Title: Setting a boundary for Easter dinner Post by: isshebpd on March 19, 2016, 05:16:59 PM Is it reasonable to request no iPhones or SmartPhones at the table during seasonal feasts?
Title: Re: Setting a boundary for Easter dinner Post by: chayka on March 19, 2016, 06:17:48 PM It seems very reasonable to me, but I guess it will depend on who is there and their likely attitude to that request.
How many loved-ones with BPD or other challenging problems will be present? Do you think they might take it personally? It's worth emphasizing the positives of doing this, like being able to enjoy each other's company and the food much better without the distraction of phones. Title: Re: Setting a boundary for Easter dinner Post by: Bright Day Mom on March 21, 2016, 01:20:55 PM It is absolutely reasonable. I actually have an electronics free kitchen! Dining room for larger parties. I refuse to put my heart and soul into preparing a meal and have it hijacked by an electronic. One of my co-workers has a basket that they ask guests to put their phones in upon arrival. I don't know if you have to take it that far. I also have a "family Dinner Game" and place one or two cards next to each place setting. If there is a lull in conversation you can with that it is a great way to learn more about one another and keeps things moving along.

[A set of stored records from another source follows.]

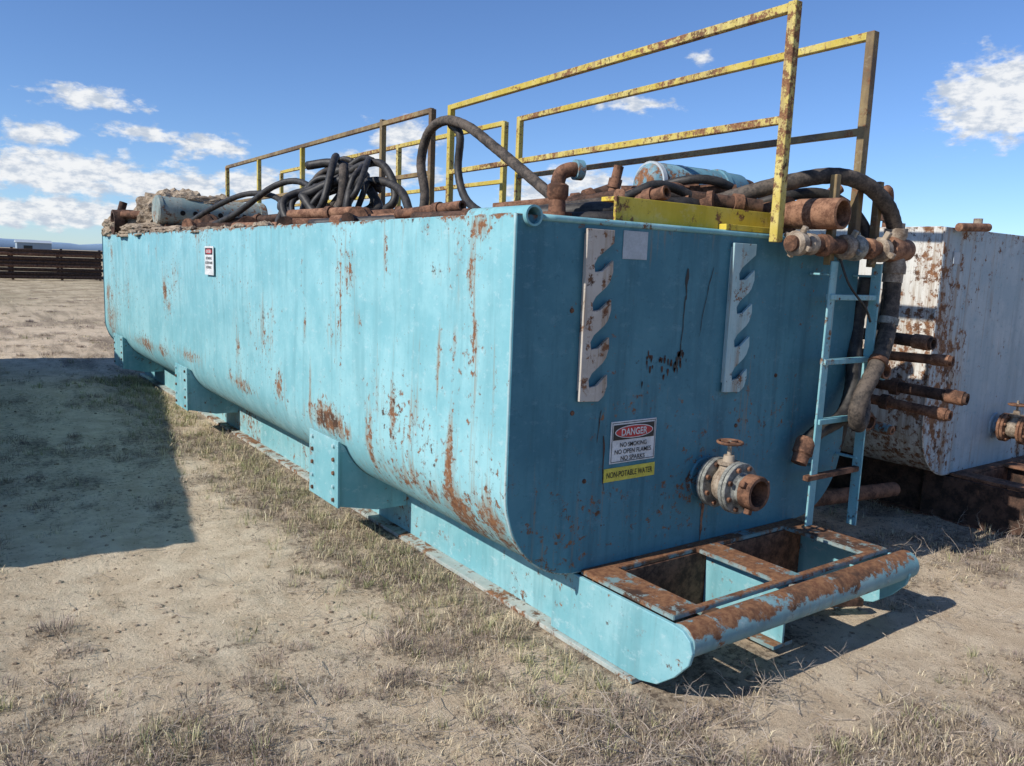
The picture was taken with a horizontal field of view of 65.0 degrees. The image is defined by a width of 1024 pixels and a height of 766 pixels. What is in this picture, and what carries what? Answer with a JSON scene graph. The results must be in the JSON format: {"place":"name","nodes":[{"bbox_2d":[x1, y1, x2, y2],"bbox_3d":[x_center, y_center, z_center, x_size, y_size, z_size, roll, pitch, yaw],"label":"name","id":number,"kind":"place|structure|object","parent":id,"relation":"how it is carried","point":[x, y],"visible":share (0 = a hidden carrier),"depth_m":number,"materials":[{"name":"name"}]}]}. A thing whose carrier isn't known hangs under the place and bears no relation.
{"place":"outdoors","nodes":[
{"label":"outdoors","id":0,"kind":"place"},
{"bbox_2d":[14,239,51,249],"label":"distant shed","id":1,"kind":"structure","parent":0,"point":[31,244],"depth_m":429.71,"materials":[{"name":"white metal"}]},
{"bbox_2d":[0,238,101,250],"bbox_3d":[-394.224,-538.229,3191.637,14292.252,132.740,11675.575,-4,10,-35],"label":"hills","id":2,"kind":"structure","parent":0,"point":[55,245],"depth_m":7118.05,"materials":[{"name":"blue"}]},
{"bbox_2d":[0,247,1023,765],"bbox_3d":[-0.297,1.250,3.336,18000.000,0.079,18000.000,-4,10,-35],"label":"ground","id":3,"kind":"structure","parent":0,"point":[32,557],"depth_m":3.87,"materials":[{"name":"soil"}]},
{"bbox_2d":[0,247,102,280],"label":"fence","id":4,"kind":"object","parent":3,"relation":"on","point":[53,264],"visible":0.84,"depth_m":44.71,"materials":[{"name":"metal"}]},
{"bbox_2d":[102,196,918,683],"bbox_3d":[-1.647,-0.469,7.680,2.488,2.055,10.446,-4,10,-35],"label":"steel mud tank","id":5,"kind":"object","parent":3,"relation":"on","point":[412,380],"visible":0.99,"depth_m":4.00,"materials":[{"name":"blue metal"}]},
{"bbox_2d":[101,188,281,237],"bbox_3d":[-3.066,-1.918,8.838,1.753,0.702,6.545,-4,10,-35],"label":"mud pile","id":6,"kind":"object","parent":5,"relation":"on","point":[142,223],"visible":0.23,"depth_m":10.06,"materials":[{"name":"beige soil"}]},
{"bbox_2d":[110,201,139,234],"bbox_3d":[-4.045,-2.110,10.085,1.352,0.570,3.024,-5,11,-40],"label":"pipe fitting","id":7,"kind":"object","parent":6,"relation":"on","point":[120,214],"visible":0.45,"depth_m":10.31,"materials":[{"name":"metal"}]},
{"bbox_2d":[152,195,267,225],"bbox_3d":[-3.814,-2.080,10.202,1.346,0.495,0.396,-4,10,-35],"label":"perforated cylinder","id":8,"kind":"object","parent":6,"relation":"on","point":[169,211],"visible":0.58,"depth_m":9.86,"materials":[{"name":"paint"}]},
{"bbox_2d":[204,246,213,274],"bbox_3d":[-2.559,-1.034,6.788,0.010,0.240,0.260,-4,10,-35],"label":"danger sign","id":9,"kind":"object","parent":5,"relation":"attached to","point":[209,260],"visible":1,"depth_m":6.77,"materials":[{"name":"white plastic"}]},
{"bbox_2d":[275,153,398,221],"bbox_3d":[-1.612,-1.659,7.077,0.726,0.774,1.661,-4,10,-35],"label":"hose coil","id":10,"kind":"object","parent":5,"relation":"on","point":[342,178],"visible":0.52,"depth_m":6.91,"materials":[{"name":"black rubber"}]},
{"bbox_2d":[180,115,737,226],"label":"loose hoses","id":11,"kind":"object","parent":5,"relation":"on","point":[591,206],"visible":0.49,"depth_m":5.62,"materials":[{"name":"black rubber"}]},
{"bbox_2d":[182,165,843,230],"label":"rusty pipe fittings","id":12,"kind":"object","parent":5,"relation":"on","point":[707,195],"visible":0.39,"depth_m":4.72,"materials":[{"name":"metal"}]},
{"bbox_2d":[225,0,801,241],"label":"safety railing","id":13,"kind":"object","parent":5,"relation":"on","point":[792,10],"visible":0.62,"depth_m":4.78,"materials":[{"name":"yellow metal"}]},
{"bbox_2d":[543,159,586,215],"bbox_3d":[0.244,-0.914,3.975,0.208,0.382,0.162,-4,10,-35],"label":"riser elbow pipe","id":14,"kind":"object","parent":5,"relation":"on","point":[558,189],"visible":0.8,"depth_m":3.93,"materials":[{"name":"metal"}]},
{"bbox_2d":[279,30,879,234],"bbox_3d":[-0.788,-2.007,8.415,0.117,1.151,9.822,-3,10,-34],"label":"safety railing","id":15,"kind":"object","parent":5,"relation":"on","point":[861,132],"visible":0.59,"depth_m":5.21,"materials":[{"name":"yellow metal"}]},
{"bbox_2d":[577,228,614,401],"bbox_3d":[0.365,-0.290,3.515,0.158,0.752,0.028,-4,10,-35],"label":"notched hanger bracket","id":16,"kind":"object","parent":5,"relation":"attached to","point":[598,243],"visible":1,"depth_m":3.49,"materials":[{"name":"white metal"}]},
{"bbox_2d":[603,462,654,482],"bbox_3d":[0.554,0.420,3.788,0.327,0.064,0.006,-4,10,-35],"label":"non potable water sign","id":17,"kind":"object","parent":5,"relation":"attached to","point":[626,472],"visible":1,"depth_m":3.78,"materials":[{"name":"yellow plastic"}]},
{"bbox_2d":[609,417,656,463],"bbox_3d":[0.570,0.270,3.772,0.290,0.198,0.008,-4,10,-35],"label":"danger sign","id":18,"kind":"object","parent":5,"relation":"attached to","point":[632,440],"visible":1,"depth_m":3.77,"materials":[{"name":"white plastic"}]},
{"bbox_2d":[622,230,647,259],"bbox_3d":[0.554,-0.618,3.610,0.150,0.125,0.004,-4,10,-35],"label":"blank label","id":19,"kind":"object","parent":5,"relation":"attached to","point":[635,244],"visible":1,"depth_m":3.61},
{"bbox_2d":[633,161,753,186],"bbox_3d":[1.150,-1.114,5.008,0.945,0.450,0.305,-4,10,-35],"label":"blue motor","id":20,"kind":"object","parent":5,"relation":"on","point":[650,171],"visible":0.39,"depth_m":4.76,"materials":[{"name":"paint"}]},
{"bbox_2d":[689,438,769,515],"bbox_3d":[1.086,0.460,3.971,0.254,0.352,0.341,-4,10,-35],"label":"flanged valve","id":21,"kind":"object","parent":5,"relation":"on","point":[727,482],"visible":1,"depth_m":3.92,"materials":[{"name":"beige metal"}]},
{"bbox_2d":[721,243,756,391],"bbox_3d":[1.148,-0.326,4.075,0.173,0.752,0.028,-4,10,-35],"label":"notched hanger bracket","id":22,"kind":"object","parent":5,"relation":"attached to","point":[742,255],"visible":1,"depth_m":4.05,"materials":[{"name":"white metal"}]},
{"bbox_2d":[718,167,901,465],"bbox_3d":[1.550,-0.369,4.500,1.400,1.616,0.491,1,8,-5],"label":"suction hose","id":23,"kind":"object","parent":5,"relation":"attached to","point":[855,404],"visible":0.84,"depth_m":4.43,"materials":[{"name":"rubber"}]},
{"bbox_2d":[762,196,915,282],"bbox_3d":[1.682,-0.805,4.529,1.100,0.440,0.716,-4,10,-35],"label":"corner pipework","id":24,"kind":"object","parent":5,"relation":"attached to","point":[893,250],"visible":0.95,"depth_m":4.22,"materials":[{"name":"metal"}]},
{"bbox_2d":[803,174,883,525],"bbox_3d":[1.809,-0.136,4.498,0.520,1.970,0.167,-4,10,-35],"label":"access ladder","id":25,"kind":"object","parent":5,"relation":"attached to","point":[855,468],"visible":0.83,"depth_m":4.46,"materials":[{"name":"blue metal"}]},
{"bbox_2d":[814,328,969,506],"bbox_3d":[2.207,0.084,5.401,1.527,1.550,0.875,8,10,33],"label":"pipe manifold","id":26,"kind":"object","parent":5,"relation":"attached to","point":[895,386],"visible":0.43,"depth_m":5.03,"materials":[{"name":"metal"}]},
{"bbox_2d":[0,365,1023,765],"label":"pebbles","id":27,"kind":"object","parent":3,"relation":"on","point":[630,717],"visible":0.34,"depth_m":3.47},
{"bbox_2d":[1,377,1023,765],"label":"dead twigs","id":28,"kind":"object","parent":3,"relation":"on","point":[675,751],"visible":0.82,"depth_m":3.11,"materials":[{"name":"brown plant"}]},
{"bbox_2d":[783,226,1023,534],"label":"steel mud tank","id":29,"kind":"object","parent":3,"relation":"on","point":[967,312],"visible":0.13,"depth_m":5.80,"materials":[{"name":"white metal"}]},
{"bbox_2d":[881,185,991,263],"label":"tank top fittings","id":30,"kind":"object","parent":29,"relation":"on","point":[977,225],"visible":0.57,"depth_m":5.46,"materials":[{"name":"metal"}]},
{"bbox_2d":[988,401,1023,444],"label":"flanged valve","id":31,"kind":"object","parent":29,"relation":"on","point":[1004,426],"visible":1,"depth_m":6.05,"materials":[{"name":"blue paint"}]},
{"bbox_2d":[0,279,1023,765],"bbox_3d":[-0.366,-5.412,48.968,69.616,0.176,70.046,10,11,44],"label":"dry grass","id":32,"kind":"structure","parent":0,"point":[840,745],"depth_m":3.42,"materials":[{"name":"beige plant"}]},
{"bbox_2d":[0,0,1023,244],"label":"sky","id":33,"kind":"structure","parent":0,"point":[104,103],"materials":[{"name":"blue"}]}
]}

Have a great Easter! Title: Re: Setting a boundary for Easter dinner Post by: isshebpd on March 22, 2016, 11:29:20 AM In this case, unlike with most people, this is probably PA behaviour. I'm not sure what my uPD brother is trying to say when he pulls out his iPhone at the worst possible moments. Even during our niece's christening (our sister's daughter) a few years ago. I'm not really religious myself, but I show proper respect.

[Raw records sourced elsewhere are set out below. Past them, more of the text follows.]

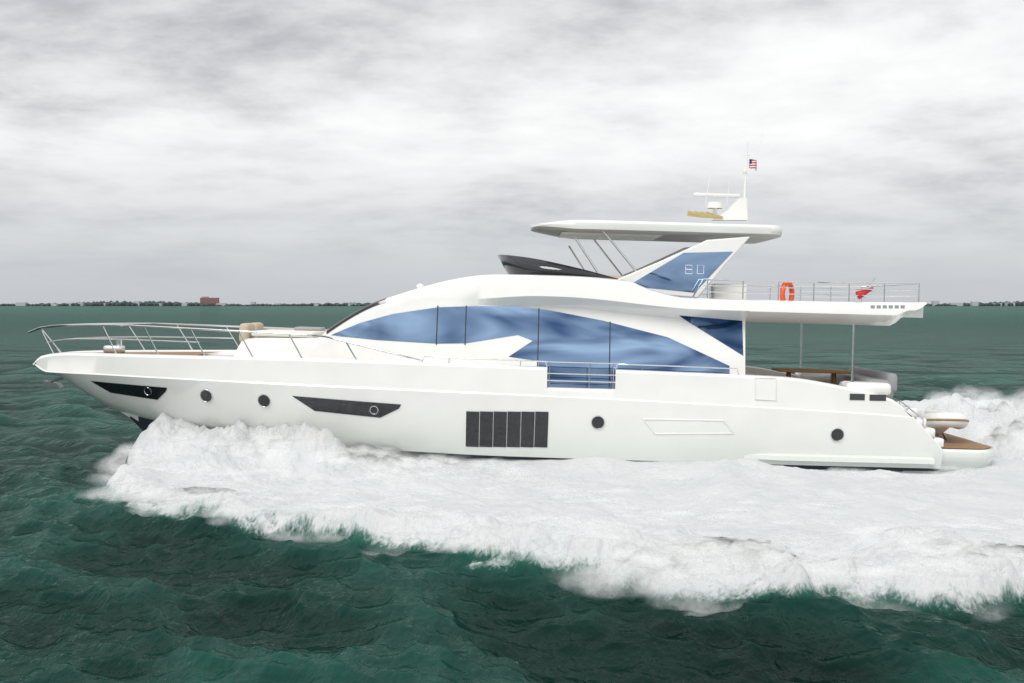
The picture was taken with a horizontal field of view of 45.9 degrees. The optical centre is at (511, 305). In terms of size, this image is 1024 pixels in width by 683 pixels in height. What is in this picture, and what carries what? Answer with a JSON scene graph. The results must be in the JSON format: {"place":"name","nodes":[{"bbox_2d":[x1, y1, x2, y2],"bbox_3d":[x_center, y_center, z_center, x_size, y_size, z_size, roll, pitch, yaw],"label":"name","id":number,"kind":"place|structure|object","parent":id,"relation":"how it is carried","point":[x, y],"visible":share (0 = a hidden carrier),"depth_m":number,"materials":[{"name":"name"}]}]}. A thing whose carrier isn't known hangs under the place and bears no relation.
{"place":"outdoors","nodes":[
{"label":"outdoors","id":0,"kind":"place"},
{"bbox_2d":[0,306,1023,682],"bbox_3d":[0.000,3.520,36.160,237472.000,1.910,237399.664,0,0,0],"label":"sea","id":1,"kind":"structure","parent":0,"point":[102,586],"depth_m":19.37,"materials":[{"name":"liquid"}]},
{"bbox_2d":[33,350,942,471],"bbox_3d":[-1.135,3.203,32.000,23.160,3.630,5.970,2,0,0],"label":"hull","id":2,"kind":"object","parent":1,"relation":"in","point":[436,401],"visible":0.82,"depth_m":29.26,"materials":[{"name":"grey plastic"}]},
{"bbox_2d":[43,377,63,387],"bbox_3d":[-11.839,1.966,32.000,1.041,0.401,0.320,2,0,0],"label":"anchor","id":3,"kind":"object","parent":2,"relation":"on","point":[50,383],"visible":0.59,"depth_m":31.89,"materials":[{"name":"silver metal"}]},
{"bbox_2d":[98,352,214,354],"bbox_3d":[-10.075,1.276,32.000,3.902,0.051,3.311,0,0,0],"label":"foredeck","id":4,"kind":"object","parent":2,"relation":"on","point":[180,353],"visible":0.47,"depth_m":32.14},
{"bbox_2d":[103,340,124,352],"bbox_3d":[-10.520,1.071,32.085,0.500,0.370,0.510,2,0,0],"label":"windlass","id":5,"kind":"object","parent":4,"relation":"on","point":[119,347],"visible":0.97,"depth_m":31.84,"materials":[{"name":"silver metal"}]},
{"bbox_2d":[29,323,738,388],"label":"rails","id":6,"kind":"object","parent":2,"relation":"on","point":[177,327],"visible":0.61,"depth_m":30.11,"materials":[{"name":"silver metal"}]},
{"bbox_2d":[91,381,842,447],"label":"hull windows","id":7,"kind":"structure","parent":2,"relation":"in","point":[490,432],"depth_m":29.35,"materials":[{"name":"black glass"}]},
{"bbox_2d":[144,387,843,441],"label":"portholes","id":8,"kind":"object","parent":2,"relation":"on","point":[378,410],"visible":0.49,"depth_m":29.40,"materials":[{"name":"black glass"}]},
{"bbox_2d":[332,306,729,373],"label":"side windows","id":9,"kind":"structure","parent":2,"relation":"on","point":[564,337],"depth_m":29.76,"materials":[{"name":"blue glass"}]},
{"bbox_2d":[436,306,610,386],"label":"window dividers","id":10,"kind":"object","parent":9,"relation":"on","point":[538,336],"visible":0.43,"depth_m":29.76,"materials":[{"name":"metal"}]},
{"bbox_2d":[540,366,614,388],"bbox_3d":[1.631,1.810,32.000,1.925,0.592,4.964,2,0,0],"label":"balcony railing","id":11,"kind":"object","parent":2,"relation":"on","point":[577,377],"visible":0.48,"depth_m":29.57,"materials":[{"name":"silver metal"}]},
{"bbox_2d":[234,274,926,373],"bbox_3d":[1.521,0.663,32.000,17.148,2.839,5.316,2,0,0],"label":"deckhouse","id":12,"kind":"object","parent":2,"relation":"on","point":[626,303],"visible":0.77,"depth_m":29.73,"materials":[{"name":"white plastic"}]},
{"bbox_2d":[239,322,263,341],"bbox_3d":[-6.888,0.706,32.000,0.260,0.500,1.950,2,0,0],"label":"sunpad backrest","id":13,"kind":"object","parent":12,"relation":"attached to","point":[255,326],"visible":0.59,"depth_m":31.13,"materials":[{"name":"beige fabric"}]},
{"bbox_2d":[251,329,325,337],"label":"sunpad cushions","id":14,"kind":"object","parent":12,"relation":"on","point":[288,331],"visible":0.54,"depth_m":30.89,"materials":[{"name":"white fabric"}]},
{"bbox_2d":[294,327,327,330],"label":"deck pads","id":15,"kind":"object","parent":12,"relation":"on","point":[311,328],"visible":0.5,"depth_m":32.61,"materials":[{"name":"grey fabric"}]},
{"bbox_2d":[326,298,385,333],"bbox_3d":[-3.879,0.251,32.000,1.470,0.971,4.001,2,0,0],"label":"front screen","id":16,"kind":"object","parent":12,"relation":"on","point":[357,312],"visible":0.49,"depth_m":30.09,"materials":[{"name":"black glass"}]},
{"bbox_2d":[497,255,617,278],"bbox_3d":[1.246,-0.957,32.000,3.295,0.664,3.940,2,0,0],"label":"windscreen","id":17,"kind":"object","parent":12,"relation":"on","point":[517,265],"visible":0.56,"depth_m":30.37,"materials":[{"name":"grey glass"}]},
{"bbox_2d":[568,231,636,275],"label":"support struts","id":18,"kind":"object","parent":12,"relation":"on","point":[605,254],"visible":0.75,"depth_m":30.15,"materials":[{"name":"grey metal"}]},
{"bbox_2d":[619,237,749,297],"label":"hardtop pylons","id":19,"kind":"object","parent":12,"relation":"on","point":[733,245],"visible":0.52,"depth_m":29.94,"materials":[{"name":"white plastic"}]},
{"bbox_2d":[530,220,781,243],"bbox_3d":[3.617,-1.964,32.000,6.267,0.325,4.040,2,0,0],"label":"hardtop","id":20,"kind":"object","parent":19,"relation":"on","point":[687,232],"visible":0.91,"depth_m":30.06,"materials":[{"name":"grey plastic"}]},
{"bbox_2d":[558,232,662,239],"bbox_3d":[2.567,-1.836,32.000,2.600,0.024,2.400,2,0,0],"label":"hardtop underside panel","id":21,"kind":"object","parent":20,"relation":"in","point":[603,236],"visible":0.98,"depth_m":31.87,"materials":[{"name":"grey plastic"}]},
{"bbox_2d":[693,142,749,220],"bbox_3d":[5.547,-3.299,32.000,1.483,2.104,0.420,2,0,0],"label":"radar mast","id":22,"kind":"object","parent":20,"relation":"on","point":[736,210],"visible":1,"depth_m":31.87,"materials":[{"name":"white plastic"}]},
{"bbox_2d":[687,211,722,218],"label":"horns","id":23,"kind":"object","parent":22,"relation":"attached to","point":[700,214],"visible":1,"depth_m":31.58},
{"bbox_2d":[704,129,763,211],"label":"antennas","id":24,"kind":"object","parent":22,"relation":"attached to","point":[729,180],"visible":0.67,"depth_m":32.29,"materials":[{"name":"white plastic"}]},
{"bbox_2d":[749,159,756,170],"bbox_3d":[6.377,-3.727,31.998,0.212,0.319,0.077,2,0,0],"label":"flag","id":25,"kind":"object","parent":22,"relation":"attached to","point":[753,165],"visible":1,"depth_m":32.00,"materials":[{"name":"multicoloured fabric"}]},
{"bbox_2d":[634,252,731,292],"bbox_3d":[4.167,-0.853,32.000,2.588,1.042,4.136,2,0,0],"label":"tinted side panel","id":26,"kind":"object","parent":19,"relation":"attached to","point":[671,275],"visible":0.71,"depth_m":29.93,"materials":[{"name":"blue glass"}]},
{"bbox_2d":[685,265,703,273],"bbox_3d":[4.520,-0.890,32.000,0.470,0.236,4.172,2,0,0],"label":"lettering","id":27,"kind":"object","parent":26,"relation":"on","point":[691,269],"visible":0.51,"depth_m":29.92},
{"bbox_2d":[680,316,742,354],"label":"aft side window","id":28,"kind":"structure","parent":12,"relation":"attached to","point":[728,333],"depth_m":29.80,"materials":[{"name":"blue glass"}]},
{"bbox_2d":[709,284,746,298],"bbox_3d":[5.496,-0.262,30.800,0.839,0.567,0.700,2,0,0],"label":"cabinet","id":29,"kind":"object","parent":12,"relation":"attached to","point":[716,295],"visible":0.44,"depth_m":30.45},
{"bbox_2d":[780,280,794,300],"bbox_3d":[6.771,-0.289,29.749,0.140,0.668,0.669,0,0,38],"label":"life ring","id":30,"kind":"object","parent":12,"relation":"attached to","point":[783,289],"visible":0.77,"depth_m":29.62,"materials":[{"name":"orange plastic"}]},
{"bbox_2d":[692,279,919,301],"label":"fly rails","id":31,"kind":"object","parent":12,"relation":"on","point":[778,286],"visible":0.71,"depth_m":29.53,"materials":[{"name":"silver metal"}]},
{"bbox_2d":[855,287,873,299],"bbox_3d":[8.629,-0.301,29.603,0.436,0.319,0.213,2,0,0],"label":"red flag","id":32,"kind":"object","parent":12,"relation":"on","point":[860,293],"visible":1,"depth_m":29.54,"materials":[{"name":"red fabric"}]},
{"bbox_2d":[871,305,904,307],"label":"vents","id":33,"kind":"object","parent":12,"relation":"attached to","point":[885,306],"visible":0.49,"depth_m":29.35,"materials":[{"name":"grey metal"}]},
{"bbox_2d":[642,418,733,433],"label":"hull recess trim","id":34,"kind":"structure","parent":2,"relation":"on","point":[643,419],"depth_m":29.10,"materials":[{"name":"white plastic"}]},
{"bbox_2d":[755,377,776,399],"bbox_3d":[6.091,1.995,32.000,0.536,0.546,5.960,2,0,0],"label":"hatch outline","id":35,"kind":"object","parent":2,"relation":"attached to","point":[755,388],"visible":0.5,"depth_m":29.03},
{"bbox_2d":[800,323,854,381],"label":"support poles","id":36,"kind":"object","parent":2,"relation":"attached to","point":[853,350],"visible":0.6,"depth_m":29.36,"materials":[{"name":"silver metal"}]},
{"bbox_2d":[744,453,934,463],"bbox_3d":[7.914,3.701,32.000,4.600,0.200,5.723,2,0,0],"label":"chine ledge","id":37,"kind":"object","parent":2,"relation":"on","point":[853,458],"visible":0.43,"depth_m":29.20,"materials":[{"name":"white plastic"}]},
{"bbox_2d":[795,372,890,395],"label":"seat cushions","id":38,"kind":"object","parent":2,"relation":"on","point":[881,388],"visible":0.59,"depth_m":29.33,"materials":[{"name":"white fabric"}]},
{"bbox_2d":[830,366,896,398],"bbox_3d":[9.257,2.023,32.000,0.790,0.670,3.600,2,0,0],"label":"cockpit sofa","id":39,"kind":"object","parent":2,"relation":"on","point":[863,374],"visible":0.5,"depth_m":31.16,"materials":[{"name":"grey"}]},
{"bbox_2d":[850,394,885,400],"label":"hawse slots","id":40,"kind":"object","parent":2,"relation":"on","point":[873,397],"visible":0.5,"depth_m":29.12,"materials":[{"name":"grey metal"}]},
{"bbox_2d":[98,395,1023,592],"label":"spray mist","id":41,"kind":"structure","parent":1,"relation":"on","point":[655,563],"depth_m":22.95,"materials":[{"name":"white liquid"}]},
{"bbox_2d":[902,432,993,472],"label":"swim platform","id":42,"kind":"structure","parent":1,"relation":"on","point":[956,458],"depth_m":29.48,"materials":[{"name":"white plastic"}]},
{"bbox_2d":[902,406,943,447],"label":"stern stairs","id":43,"kind":"structure","parent":42,"relation":"on","point":[938,440],"depth_m":29.55,"materials":[{"name":"white plastic"}]},
{"bbox_2d":[899,400,923,426],"bbox_3d":[9.755,2.700,29.550,0.610,0.765,0.032,2,0,0],"label":"transom rail","id":44,"kind":"object","parent":43,"relation":"on","point":[913,411],"visible":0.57,"depth_m":29.54,"materials":[{"name":"silver metal"}]},
{"bbox_2d":[936,433,990,448],"bbox_3d":[11.221,3.497,32.000,1.500,0.010,4.900,2,0,0],"label":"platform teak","id":45,"kind":"object","parent":42,"relation":"on","point":[951,441],"visible":0.43,"depth_m":30.70,"materials":[{"name":"brown wood"}]},
{"bbox_2d":[934,427,949,435],"bbox_3d":[11.078,3.239,32.025,0.900,0.340,2.550,2,0,0],"label":"support","id":46,"kind":"object","parent":45,"relation":"on","point":[939,431],"visible":0.24,"depth_m":31.16,"materials":[{"name":"white"}]},
{"bbox_2d":[918,409,967,428],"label":"tender tubes","id":47,"kind":"object","parent":45,"relation":"on","point":[931,414],"visible":0.64,"depth_m":30.54},
{"bbox_2d":[926,418,968,421],"bbox_3d":[11.087,2.919,31.846,1.253,0.160,3.008,2,0,0],"label":"tender rub rail","id":48,"kind":"object","parent":47,"relation":"attached to","point":[945,419],"visible":0.41,"depth_m":30.45,"materials":[{"name":"brown rubber"}]},
{"bbox_2d":[0,0,1023,304],"label":"sky","id":49,"kind":"structure","parent":0,"point":[243,152],"materials":[{"name":"grey"}]},
{"bbox_2d":[771,367,850,384],"bbox_3d":[7.910,2.080,32.000,1.900,0.790,1.100,2,0,0],"label":"cockpit table","id":50,"kind":"object","parent":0,"point":[788,371],"visible":0.66,"depth_m":31.61,"materials":[{"name":"brown wood"}]},
{"bbox_3d":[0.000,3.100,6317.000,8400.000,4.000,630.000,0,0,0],"label":"shore land","id":51,"kind":"structure","parent":0,"visible":0},
{"bbox_2d":[200,297,218,303],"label":"building","id":52,"kind":"structure","parent":51,"relation":"on","point":[213,301],"depth_m":6112.00,"materials":[{"name":"brown brick"}]},
{"bbox_2d":[0,301,1023,305],"bbox_3d":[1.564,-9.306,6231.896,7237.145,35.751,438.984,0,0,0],"label":"shore tree line","id":53,"kind":"object","parent":51,"relation":"on","point":[169,303],"visible":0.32,"depth_m":6069.15,"materials":[{"name":"grey"}]},
{"bbox_2d":[15,301,1014,305],"bbox_3d":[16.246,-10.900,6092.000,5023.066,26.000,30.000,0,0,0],"label":"shore buildings","id":54,"kind":"structure","parent":51,"relation":"on","point":[933,303],"depth_m":6077.00,"materials":[{"name":"grey"}]}
]}

I heard someone ask him to put it away once, and he said something on the lines of "you can't make me". Very childish for a 38 year-old. This dinner will be at our parents place, although everyone is contributing, so I asked them (uBPDmom and enDad) to try to make this a rule this time. They've made some progress with setting boundaries in their home. uPDbro no longer walks around in his torn underwear belching. I'm so glad I don't have to be around that guy more than few days a year. Title: Re: Setting a boundary for Easter dinner Post by: isshebpd on March 28, 2016, 05:32:07 PM The Easter Dinner went way better than expected. It ended up at my sister's house, which is a bit out of town, and everyone decided to act just a little bit normal. No meltdowns or extremely rude behaviour. :)
Title: Re: Setting a boundary for Easter dinner Post by: Bright Day Mom on March 28, 2016, 06:51:26 PM So happy to hear your Easter was a success.